On the Town with Jason Downs

| Entertainment | February 20, 2020

By Jason Downs

Greetings fellow Santa Claritans and welcome to a column that’s all about having fun around town! We’re fortunate enough to live in one of the great entertainment meccas of the world. Join me as we celebrate all the area has to offer!

Here’s what I got up to this week: The Newhallywood Silent Film Fest at Hart Park and an afternoon with Douglas Fairbanks!

As you know, friends, I’m a sucker for history and nostalgia, especially as it pertains to my favorite of the arts — performance and filmmaking. These two crafts have collided right here in Newhall for a hundred years and to celebrate that fact the City of Santa Clarita, the William S. Hart Museum, and the SCV Historical Society put together a wonderful tribute this weekend.

Not only were silent films shown throughout (with live accompaniment), including Mary Pickford’s “Little Annie Rooney” and Douglas Fairbanks’ “The Mask of Zorro,” but costumes and artifacts from Pickford and Fairbanks films were on display, slapstick acting workshops were given, bus tours were offered, and even a special romantic Valentine’s Dinner with a screening of Fairbanks in “The Black Pirate.” (Incidentally, “The Black Pirate” one of the first films ever to appear in Technicolor, a company which Fairbanks is credited for saving by championing its technology.)


This was a wonderful event and I was thrilled to see so many folks enjoying the Newhallywood festival as much as I did. Attending a jam packed presentation about the life of Douglas Fairbanks led by Tracey Goessel, who recently released a highly researched and lovingly told biography on Fairbanks, was both enlightening and entertaining. It was a privilege to hear the author speak about ‘Doug’ and all she had learned writing her amazing account of the inimitable man’s life. By the end of her presentation the audience couldn’t help but join the Fairbanks fan club, myself included.

Her book is entitled “The First King of Hollywood” and I highly recommend it. I bought a copy and have been reading it all week. Mrs. Goessel’s prowess with a pen, engaging style and infectious admiration for her subject is perfectly suited for the spirit of Douglas Fairbanks who veritably leaps from her prolific pages with the boundless swashbuckling joy the man is so well known for.

This guy was amazing. He not only made some 200 films, but he also co-founded United Artists with wife, Mary Pickford (the biggest star on planet earth at the time), Charlie Chaplin, and D.W. Griffith, but also co-founded the Academy of Motion Picture Arts and Sciences and served as its first president, which still brings us the Oscars every year to celebrate achievement in the film industry. Fairbanks served as the ceremony’s first host.

Interestingly, Fairbanks was the first celebrity to move to the wilds of Beverly Hills, at the time a barren wasteland. Soon, he and Mary Pickford’s home, affectionately known as Pickfair, became the hot spot for all of Hollywood royalty…and actual royalty from all over the world. And this was the magic of the silent film era; it truly was a universal language, and Douglas Fairbanks and Mary Pickford were the first king and queen to reign supreme the world over; internationally loved by everyone.

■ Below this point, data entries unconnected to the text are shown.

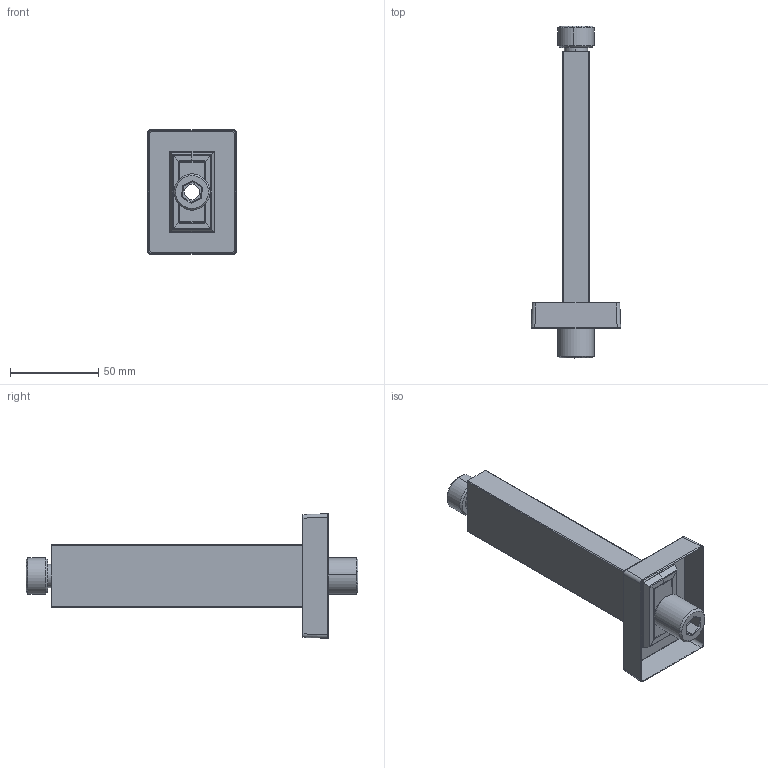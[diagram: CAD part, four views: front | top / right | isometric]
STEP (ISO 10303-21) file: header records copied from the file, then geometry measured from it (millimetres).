
FILE_DESCRIPTION (( 'STEP AP203' ), '1' );
FILE_NAME ('99ZP09006.STEP', '2023-10-26T12:00:43', ( '' ), ( '' ), 'SwSTEP 2.0', 'SolidWorks 2021', '' );
FILE_SCHEMA (( 'CONFIG_CONTROL_DESIGN' ));
Length unit declared in the file: millimetre
Products named in the file (1): 99ZP09006
Bounding box: 50.71 x 188.5 x 70.71 mm (x, y, z)
Volume: 43855.3 mm3; surface area: 51872.7 mm2
Topology: 7 solids, 7 shells, 267 faces, 596 edges, 351 vertices
Faces by surface type: plane 121, cylinder 110, cone 20, torus 8, bspline 8
Entity records: 7522 total; most frequent: CARTESIAN_POINT 1762, ORIENTED_EDGE 1192, DIRECTION 1150, EDGE_CURVE 596, AXIS2_PLACEMENT_3D 399, VECTOR 352, LINE 352, VERTEX_POINT 351
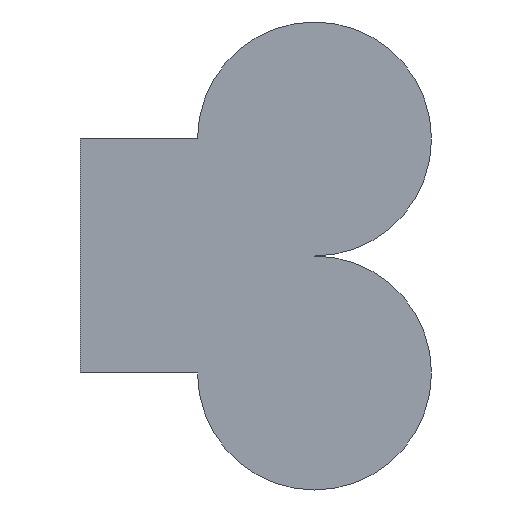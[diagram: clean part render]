
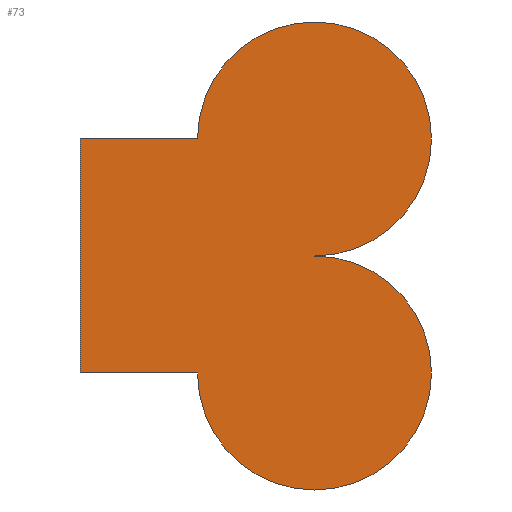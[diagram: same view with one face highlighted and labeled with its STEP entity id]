
A CAD part, top view. The second image highlights one B-rep face of the part: STEP entity #73.
In plain terms, the highlighted planar face has unit normal (0, 0, -1).
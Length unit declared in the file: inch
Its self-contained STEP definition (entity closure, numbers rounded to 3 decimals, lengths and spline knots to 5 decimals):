
#24=CARTESIAN_POINT('',(10.,5.,0.));
#25=VERTEX_POINT('',#24);
#26=CARTESIAN_POINT('',(5.,10.,0.));
#27=VERTEX_POINT('',#26);
#28=CARTESIAN_POINT('',(10.,10.,0.));
#29=DIRECTION('',(0.,0.,1.));
#30=DIRECTION('',(-1.,0.,0.));
#31=AXIS2_PLACEMENT_3D('',#28,#29,#30);
#32=CIRCLE('',#31,5.);
#33=EDGE_CURVE('',#25,#27,#32,.T.);
#34=ORIENTED_EDGE('',*,*,#33,.F.);
#35=CARTESIAN_POINT('',(5.,0.,0.));
#36=VERTEX_POINT('',#35);
#37=CARTESIAN_POINT('',(10.,0.,0.));
#38=DIRECTION('',(0.,0.,1.));
#39=DIRECTION('',(-1.,0.,0.));
#40=AXIS2_PLACEMENT_3D('',#37,#38,#39);
#41=CIRCLE('',#40,5.);
#42=EDGE_CURVE('',#36,#25,#41,.T.);
#43=ORIENTED_EDGE('',*,*,#42,.F.);
#44=CARTESIAN_POINT('',(0.,0.,0.));
#45=VERTEX_POINT('',#44);
#46=CARTESIAN_POINT('',(0.,0.,0.));
#47=DIRECTION('',(1.,0.,0.));
#48=VECTOR('',#47,1.);
#49=LINE('',#46,#48);
#50=EDGE_CURVE('',#45,#36,#49,.T.);
#51=ORIENTED_EDGE('',*,*,#50,.F.);
#52=CARTESIAN_POINT('',(0.,10.,0.));
#53=VERTEX_POINT('',#52);
#54=CARTESIAN_POINT('',(0.,10.,0.));
#55=DIRECTION('',(0.,-1.,0.));
#56=VECTOR('',#55,1.);
#57=LINE('',#54,#56);
#58=EDGE_CURVE('',#53,#45,#57,.T.);
#59=ORIENTED_EDGE('',*,*,#58,.F.);
#60=CARTESIAN_POINT('',(10.,10.,0.));
#61=DIRECTION('',(-1.,0.,0.));
#62=VECTOR('',#61,1.);
#63=LINE('',#60,#62);
#64=EDGE_CURVE('',#27,#53,#63,.T.);
#65=ORIENTED_EDGE('',*,*,#64,.F.);
#66=EDGE_LOOP('',(#34,#43,#51,#59,#65));
#67=FACE_OUTER_BOUND('',#66,.T.);
#68=CARTESIAN_POINT('',(0.,0.,0.));
#69=DIRECTION('',(0.,0.,1.));
#70=DIRECTION('',(-1.,0.,0.));
#71=AXIS2_PLACEMENT_3D('',#68,#69,#70);
#72=PLANE('',#71);
#73=ADVANCED_FACE('',(#67),#72,.F.);
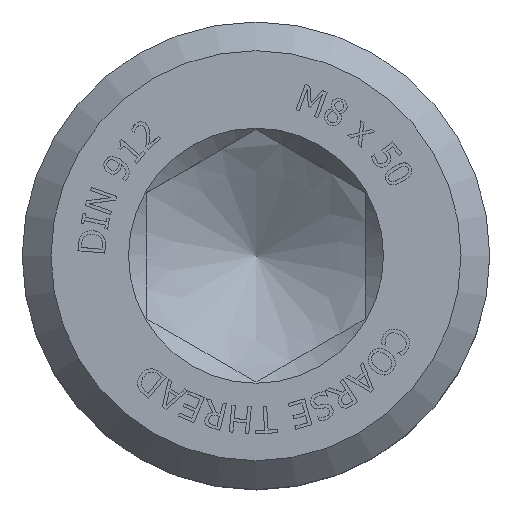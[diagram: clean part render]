
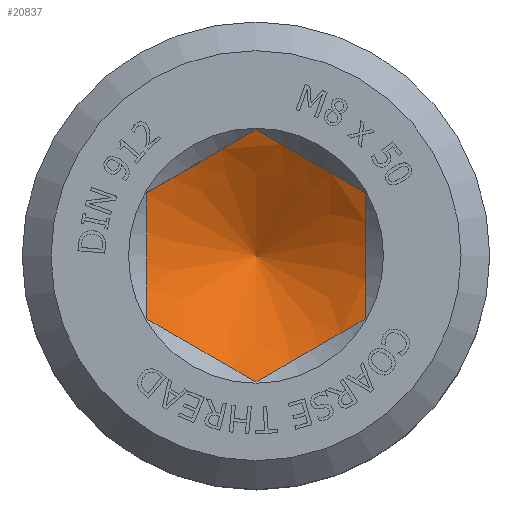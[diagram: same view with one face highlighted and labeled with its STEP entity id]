
A CAD part, top view. The second image highlights one B-rep face of the part: STEP entity #20837.
In plain terms, the highlighted conical face has half-angle 60 degrees and reference radius 2.6 mm.
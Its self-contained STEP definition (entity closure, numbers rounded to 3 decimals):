
#20485=CARTESIAN_POINT('',(0.,3.51,-4.0));
#20486=VERTEX_POINT('',#20485);
#20493=CARTESIAN_POINT('',(3.04,1.755,-4.0));
#20494=VERTEX_POINT('',#20493);
#20495=CARTESIAN_POINT('',(3.04,1.755,-4.0));
#20496=CARTESIAN_POINT('',(1.52,2.633,-4.507));
#20497=CARTESIAN_POINT('',(0.,3.51,-4.0));
#20505=(BOUNDED_CURVE()B_SPLINE_CURVE(2,(#20495,#20496,#20497),.UNSPECIFIED.,.F.,.U.)B_SPLINE_CURVE_WITH_KNOTS((3,3),(0.21,0.67),.UNSPECIFIED.)CURVE()GEOMETRIC_REPRESENTATION_ITEM()RATIONAL_B_SPLINE_CURVE((1.258,1.453,1.258))REPRESENTATION_ITEM(''));
#20506=EDGE_CURVE('',#20494,#20486,#20505,.T.);
#20523=CARTESIAN_POINT('',(-3.04,1.755,-4.0));
#20524=VERTEX_POINT('',#20523);
#20531=CARTESIAN_POINT('',(0.,3.51,-4.0));
#20532=CARTESIAN_POINT('',(-1.52,2.633,-4.507));
#20533=CARTESIAN_POINT('',(-3.04,1.755,-4.0));
#20541=(BOUNDED_CURVE()B_SPLINE_CURVE(2,(#20531,#20532,#20533),.UNSPECIFIED.,.F.,.U.)B_SPLINE_CURVE_WITH_KNOTS((3,3),(0.21,0.67),.UNSPECIFIED.)CURVE()GEOMETRIC_REPRESENTATION_ITEM()RATIONAL_B_SPLINE_CURVE((1.258,1.453,1.258))REPRESENTATION_ITEM(''));
#20542=EDGE_CURVE('',#20486,#20524,#20541,.T.);
#20554=CARTESIAN_POINT('',(-3.04,-1.755,-4.0));
#20555=VERTEX_POINT('',#20554);
#20562=CARTESIAN_POINT('',(-3.04,1.755,-4.0));
#20563=CARTESIAN_POINT('',(-3.04,0.,-4.507));
#20564=CARTESIAN_POINT('',(-3.04,-1.755,-4.0));
#20572=(BOUNDED_CURVE()B_SPLINE_CURVE(2,(#20562,#20563,#20564),.UNSPECIFIED.,.F.,.U.)B_SPLINE_CURVE_WITH_KNOTS((3,3),(0.21,0.67),.UNSPECIFIED.)CURVE()GEOMETRIC_REPRESENTATION_ITEM()RATIONAL_B_SPLINE_CURVE((1.258,1.453,1.258))REPRESENTATION_ITEM(''));
#20573=EDGE_CURVE('',#20524,#20555,#20572,.T.);
#20585=CARTESIAN_POINT('',(0.,-3.51,-4.0));
#20586=VERTEX_POINT('',#20585);
#20593=CARTESIAN_POINT('',(-3.04,-1.755,-4.0));
#20594=CARTESIAN_POINT('',(-1.52,-2.633,-4.507));
#20595=CARTESIAN_POINT('',(0.,-3.51,-4.0));
#20603=(BOUNDED_CURVE()B_SPLINE_CURVE(2,(#20593,#20594,#20595),.UNSPECIFIED.,.F.,.U.)B_SPLINE_CURVE_WITH_KNOTS((3,3),(0.21,0.67),.UNSPECIFIED.)CURVE()GEOMETRIC_REPRESENTATION_ITEM()RATIONAL_B_SPLINE_CURVE((1.258,1.453,1.258))REPRESENTATION_ITEM(''));
#20604=EDGE_CURVE('',#20555,#20586,#20603,.T.);
#20616=CARTESIAN_POINT('',(3.04,-1.755,-4.));
#20617=VERTEX_POINT('',#20616);
#20624=CARTESIAN_POINT('',(0.,-3.51,-4.0));
#20625=CARTESIAN_POINT('',(1.52,-2.633,-4.507));
#20626=CARTESIAN_POINT('',(3.04,-1.755,-4.));
#20634=(BOUNDED_CURVE()B_SPLINE_CURVE(2,(#20624,#20625,#20626),.UNSPECIFIED.,.F.,.U.)B_SPLINE_CURVE_WITH_KNOTS((3,3),(0.21,0.67),.UNSPECIFIED.)CURVE()GEOMETRIC_REPRESENTATION_ITEM()RATIONAL_B_SPLINE_CURVE((1.258,1.453,1.258))REPRESENTATION_ITEM(''));
#20635=EDGE_CURVE('',#20586,#20617,#20634,.T.);
#20648=CARTESIAN_POINT('',(3.04,-1.755,-4.));
#20649=CARTESIAN_POINT('',(3.04,0.,-4.507));
#20650=CARTESIAN_POINT('',(3.04,1.755,-4.0));
#20658=(BOUNDED_CURVE()B_SPLINE_CURVE(2,(#20648,#20649,#20650),.UNSPECIFIED.,.F.,.U.)B_SPLINE_CURVE_WITH_KNOTS((3,3),(0.21,0.67),.UNSPECIFIED.)CURVE()GEOMETRIC_REPRESENTATION_ITEM()RATIONAL_B_SPLINE_CURVE((1.258,1.453,1.258))REPRESENTATION_ITEM(''));
#20659=EDGE_CURVE('',#20617,#20494,#20658,.T.);
#20824=CARTESIAN_POINT('',(0.0,0.,-4.526));
#20825=DIRECTION('',(0.0,0.,1.0));
#20826=DIRECTION('',(0.0,1.0,0.0));
#20827=AXIS2_PLACEMENT_3D('',#20824,#20825,#20826);
#20828=CONICAL_SURFACE('',#20827,2.6,60.);
#20829=ORIENTED_EDGE('',*,*,#20573,.T.);
#20830=ORIENTED_EDGE('',*,*,#20604,.T.);
#20831=ORIENTED_EDGE('',*,*,#20635,.T.);
#20832=ORIENTED_EDGE('',*,*,#20659,.T.);
#20833=ORIENTED_EDGE('',*,*,#20506,.T.);
#20834=ORIENTED_EDGE('',*,*,#20542,.T.);
#20835=EDGE_LOOP('',(#20829,#20830,#20831,#20832,#20833,#20834));
#20836=FACE_OUTER_BOUND('',#20835,.T.);
#20837=ADVANCED_FACE('',(#20836),#20828,.F.);
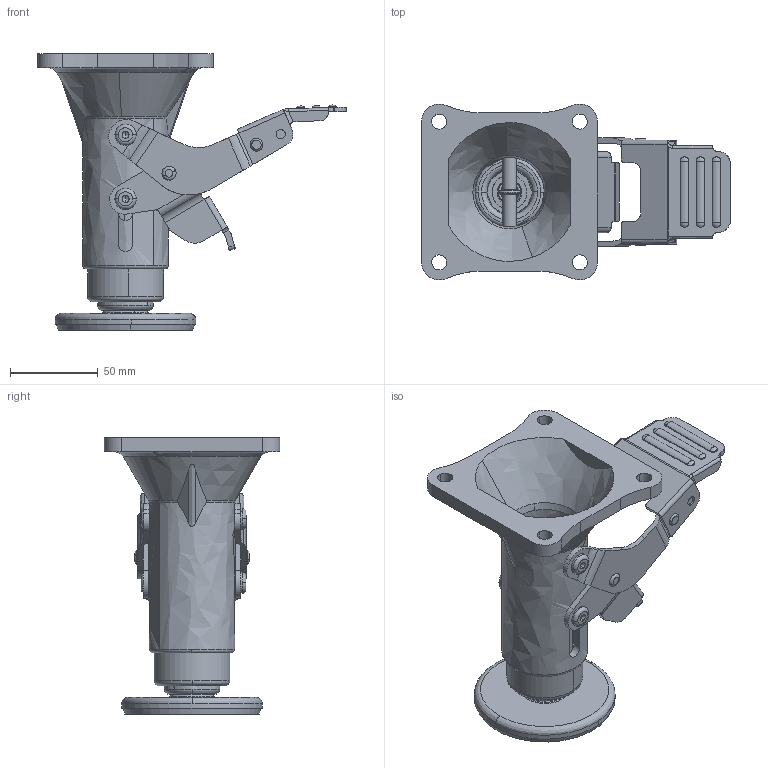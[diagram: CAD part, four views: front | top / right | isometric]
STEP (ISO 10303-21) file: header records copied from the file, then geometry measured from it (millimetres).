
FILE_DESCRIPTION((''),'2;1');
FILE_NAME('','2007-04-12T09:59:48',(''),(''),'','CADfix','');
FILE_SCHEMA(('AUTOMOTIVE_DESIGN { 1 0 10303 214 1 1 1 1 }'));
Length unit declared in the file: millimetre
Bounding box: 175.56 x 99.95 x 157 mm (x, y, z)
Volume: 129054.4 mm3; surface area: 129853.1 mm2
Topology: 4 solids, 19 shells, 403 faces, 1400 edges, 1032 vertices
Faces by surface type: bspline 403
Entity records: 29768 total; most frequent: CARTESIAN_POINT 22275, ORIENTED_EDGE 2560, EDGE_CURVE 1390, VERTEX_POINT 1032, QUASI_UNIFORM_CURVE 491, EDGE_LOOP 470, FACE_OUTER_BOUND 403, ADVANCED_FACE 403

Understandable, watching Fairbanks bound about, doing incredible stunts with an infectious smile on his face. He was the original Superman, Spiderman, Robin Hood, Zorro, and Romeo all rolled into one, literally paving the way for all the action stars and superheroes to follow.

For anyone who hasn’t walked through William S. Hart’s incredible home, which has been maintained exactly as he left it when he died, you must make the trip. I see something new every time I go. At one point, I was standing in William S. Hart’s bedroom speaking with Mr. John Smith, docent and sage historian at the Hart Museum, and Tracey Goessel, the biographer I mentioned earlier, about the shared history of these two giants, Fairbanks and Hart, in the early industry. (William S. Hart was asked to be the fifth founder of United Artists but was given an offer by Paramount he couldn’t refuse.) The two were lamenting how a proper biography of Hart was yet to be written. My attempts to give birth to a partnership between Mr. Smith and Mrs. Goessel right then and there by saying, “Hey, you should team up and write it,” may or may not come to fruition but I do believe a proper biography on the original cowboy star will be the result of that meeting someday…from at least one of us!

Such a rich history in film here it makes me proud to live in Santa Clarita. And the Newhallywood Silent Film Festival only made me want to learn more. There’s still so much to explore. Case and point, I mentioned Charlie Chaplin earlier who was one of Douglas Fairbanks closest friends, well, both legendary artists saw the end of an era when Warner came out with “The Jazz Singer” and the advent of ‘talking pictures’ changed the industry (and the stars) forever. Santa Clarita was a part of that too. The last shot of the last successful silent film, “Modern Times,” which was produced, directed, written and starring Mr. Chaplin was filmed on Sierra Highway just outside of Newhall. Symbolic of all this area offered to the silent era and all it continues to offer in ‘modern times.’ I, for one, with the help of these great pioneers in film, will honor the passage of time and revel in the gift they’ve given us.